You've gone through worse, she told herself. They raped you, but they didn't make you afraid. They murdered your mother but they couldn't steal her soul. Why do you keep your wounds green and allow men as base as Atkins and McCain to control your thoughts? she asked herself.
But she knew the answer. The house, the land, the school, the flower beds she and Abigail had planted, her collection of books, her new life as a teacher, everything she was and had become and would eventually be was about to be taken from her. All because of a choice, a deed, she knew she would eventually commit herself to, because if she did not, she would never have peace.
She went outside and picked up the cap-and-ball revolver from the edge of a rain puddle. She carried it into the kitchen and wiped the mud off the frame and the cylinder and caps with a dry rag and rewrapped it in the flannel cloth and replaced it under her bed.
In the corner of her eye she saw a black carriage with a surrey and white wheels pull to a stop in front of the gallery. Ira Jamison walked up the steps, his hair cut short, his jaws freshly shaved, looking at least twenty years younger than his actual age.

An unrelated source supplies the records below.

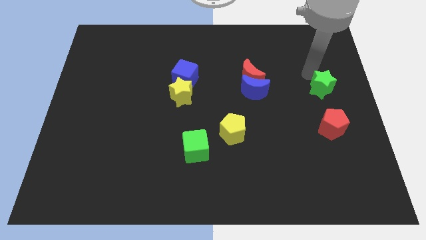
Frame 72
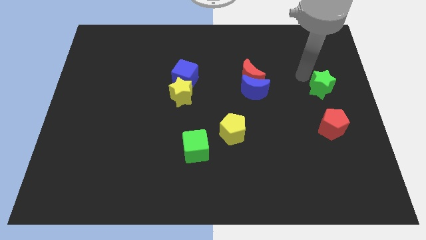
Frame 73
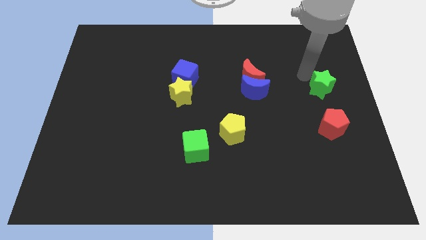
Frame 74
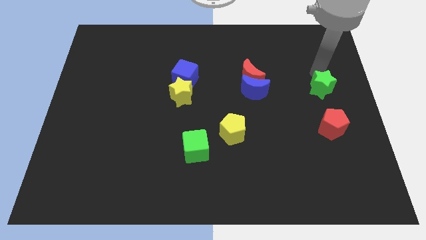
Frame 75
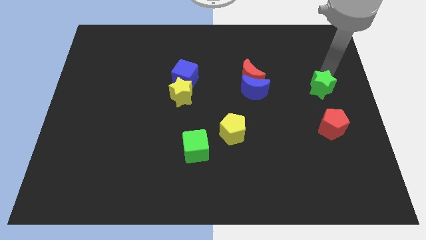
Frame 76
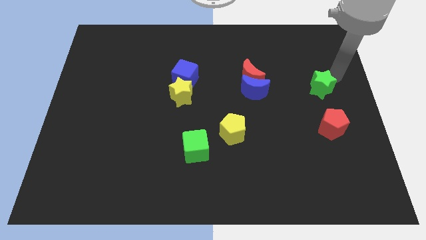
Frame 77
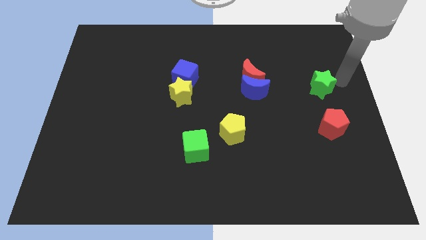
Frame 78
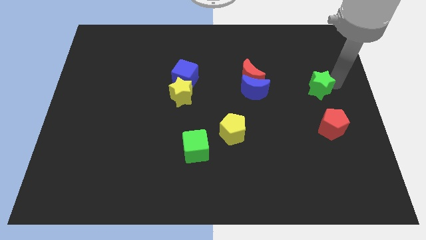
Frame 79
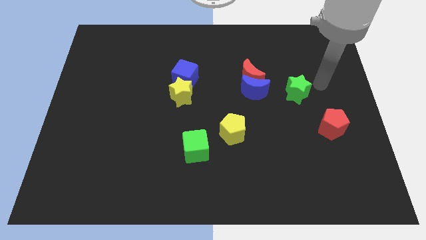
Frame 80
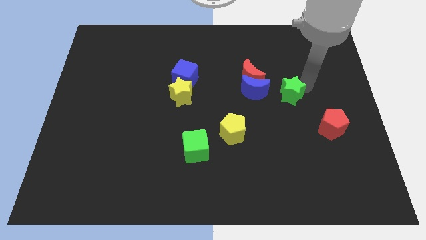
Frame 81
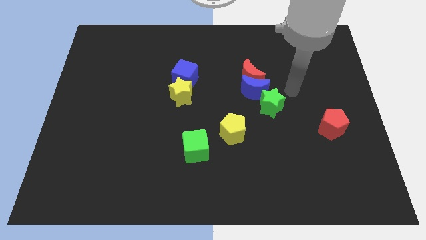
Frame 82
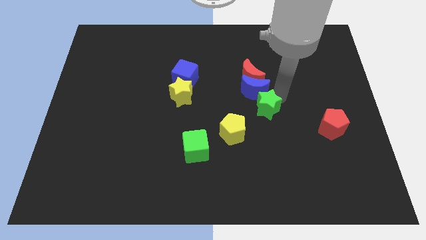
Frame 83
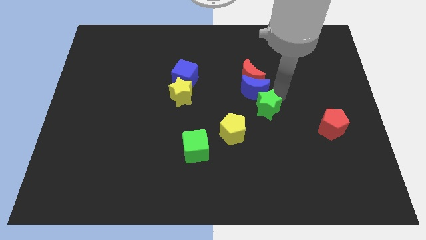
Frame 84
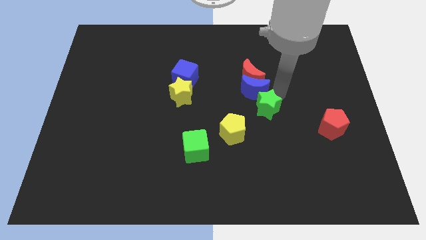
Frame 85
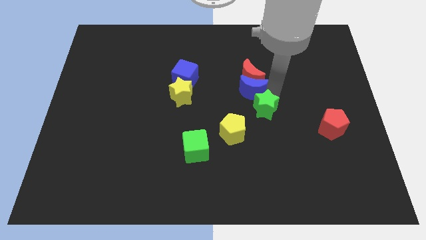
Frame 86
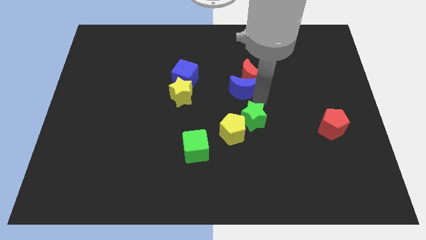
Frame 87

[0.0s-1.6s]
push the green star to the bottom of the blue crescent

"I hope I haven't dropped by too early," he said, removing his hat. "I was in the neighborhood and felt an uncommonly strong desire to see you."
"I'm on my way to work," she said.
"At your school?"
"Yes. Where else?"
"I'll take you. Just let me talk with you a minute," he said. She stepped back from the doorway to let him enter. She reached to take his hat but he took no heed of her gesture and placed it himself on a large, hand-carved knob at the foot of the staircase banister. He smiled.

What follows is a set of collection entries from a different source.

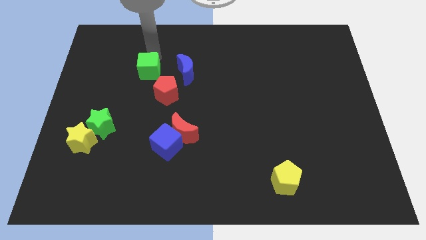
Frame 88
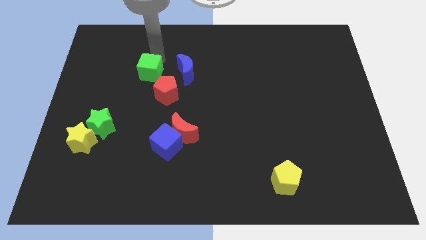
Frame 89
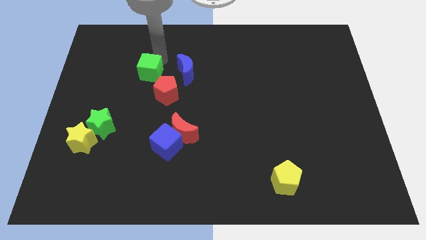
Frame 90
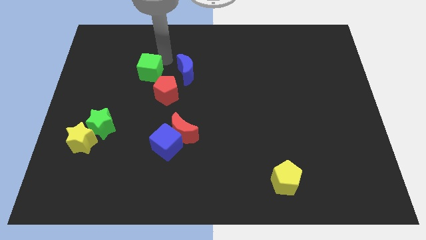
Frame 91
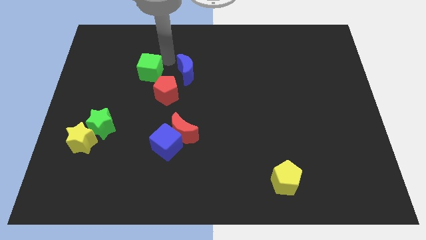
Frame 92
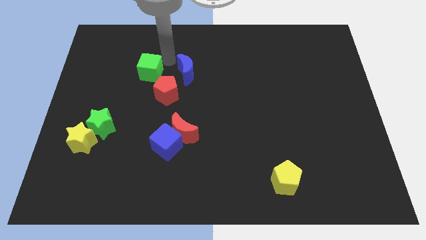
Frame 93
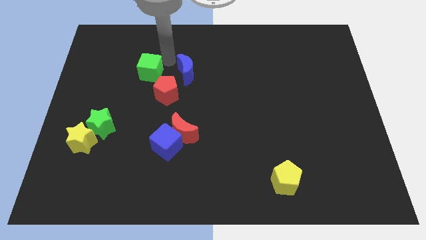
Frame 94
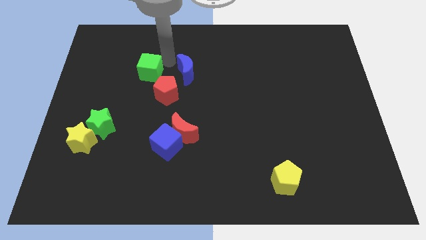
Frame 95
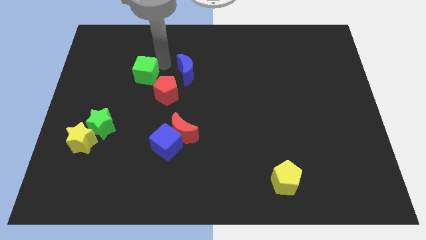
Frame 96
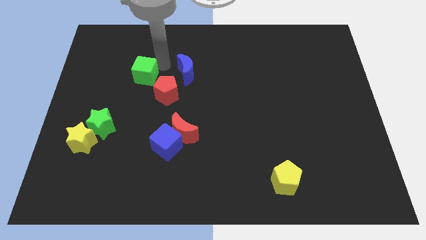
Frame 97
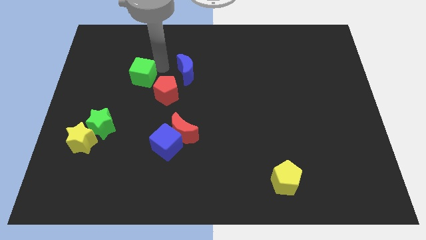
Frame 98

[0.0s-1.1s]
drag the green cube diagonally top left to red pentagon

"Flower, I'm probably a fond and foolish man, but I wanted to tell you how much you mean to me, how much you remind me of" He stopped in mid-sentence and studied her face. "Have I said the wrong thing here?"
"No, Colonel, you haven't."
"You don't look well."
"Two men got in my house last night. They had on the robes of the White Camellia. One was Rufus Atkins. The other man owns the hardware store on Main Street."
"Atkins came here? He touched you?"
"Not with his hand. With his whip. He told me he'd be with me everywhere I went. He'd see everything I did."
She saw the bone flex along his jaw, the crow's feet deepen at the corner of one eye. "He whipped you?"
"I don't have any more to say about it, Colonel."
"You must believe what I tell you, Flower. This man and the others who ride with him, I'm talking about these fellows who pretend to be ghosts of Confederate soldiers, this man knew he'd better not hurt you in any way. Do you understand that?"